An Obituary – My Car

Finally, I sold my car, but reluctantly. My wife had been giving me subtle hints that I was holding onto the rusting piece for longer than I should. As the car aged and rattled, her hints also got louder and less subtle. I complained that a certain Rajnikant still drives his old car and that is seen as a symbol of humility, but when I hold onto my car, despite it being of much recent vintage than his, that is seen as stingy. I would argue that the thought of parting with my ageing car feels like I am abandoning an old member of my family. But such dramatic arguments were met with incredulous and discouraging looks. Finally it wasn’t just my choice to make.

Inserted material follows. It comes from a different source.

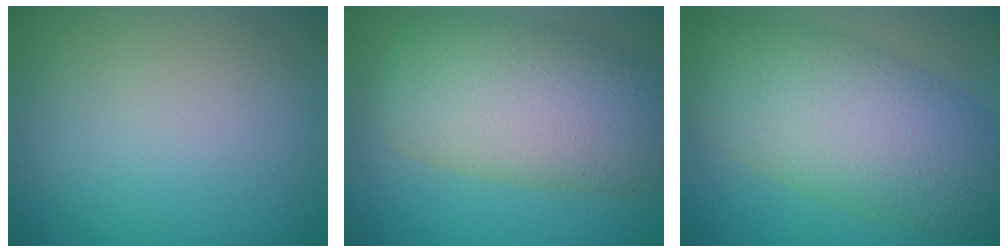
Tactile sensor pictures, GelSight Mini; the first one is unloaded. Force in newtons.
{"total": 10.1, "press": 10.1, "slide": 0.9}
{"total": 10.0, "press": 10.0, "slide": 0.1}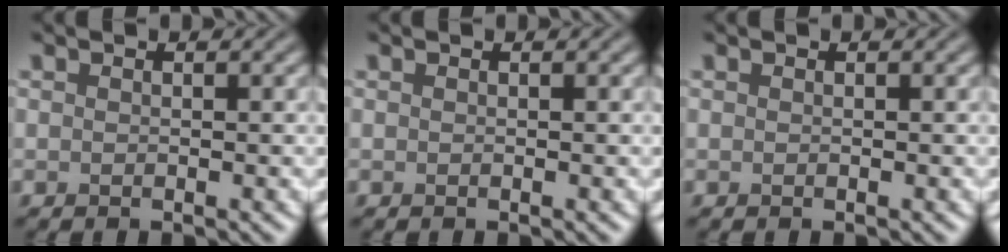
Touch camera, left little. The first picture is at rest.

It was my first car. I was pushed into buy it, otherwise I would have kept riding my bike into the infinite sunsets. I was getting married, and it again wasn’t just my choice to make, I mean the decision to buy the car. It was my first big purchase. Till then most of my possessions could be packed into a backpack and I could head-off to where ever I wanted to go – not that I was going anywhere that much, but that idea of being a traveller was my assumed identity. Buying the car broke that illusion, as I got locked into the capitalist system with my first big EMI – and dare I admit, there was no looking back given all the loans I have clocked up since then.

End of a Journey

The Final Journey

This was my first big purchase, and I agonised over the decision a lot. Maybe at that time I didn’t have enough faith in my own choices and was highly susceptible to external opinion, and I probably overcompensated for it. Car is the ultimate symbol of who you are –  something that announces to the world that you are on your way, or that you have arrived. It has gone beyond the mere utility value of it, like most things that we use – I am not particularly proud of what we marketers have done to screw with the minds of this world. My symbolic rebellion against such social pressure was to not buy the most popular choice in that car segment. I refused to buy into the perceptions built around the external packaging of an internal combustion engine. Ice breakers with strangers would become – ‘An american car? really?’ and I would defend my Choice of Ford Fiesta on the tech specs and the ride quality.

Buying it was a coming-of-age moment for me. To own a car, the first car, was to be free. I formed a new relationship with the highways and the countryside. The world slowed down as i sped along the highway, and life and all its concerns were reduced to just the highway. It was the ultimate stress buster. Many adventures ensued. The impulsive drives were now possible, and the long weekend, which would otherwise have been another weekend with an additional day, turned into mini-vacations.

The car had a certain personality to it. It wasn’t seeking attention, it wasn’t fussy, and would just do its job. There were some dangerously close shaves as I clocked up those kilometres, but it protected us, at the cost of sacrificing a bit of its own sheen. The thoughtfulness of its design never lost its charm for me, right down to the way the indicators were programmed to light up to indicate that something needed attention.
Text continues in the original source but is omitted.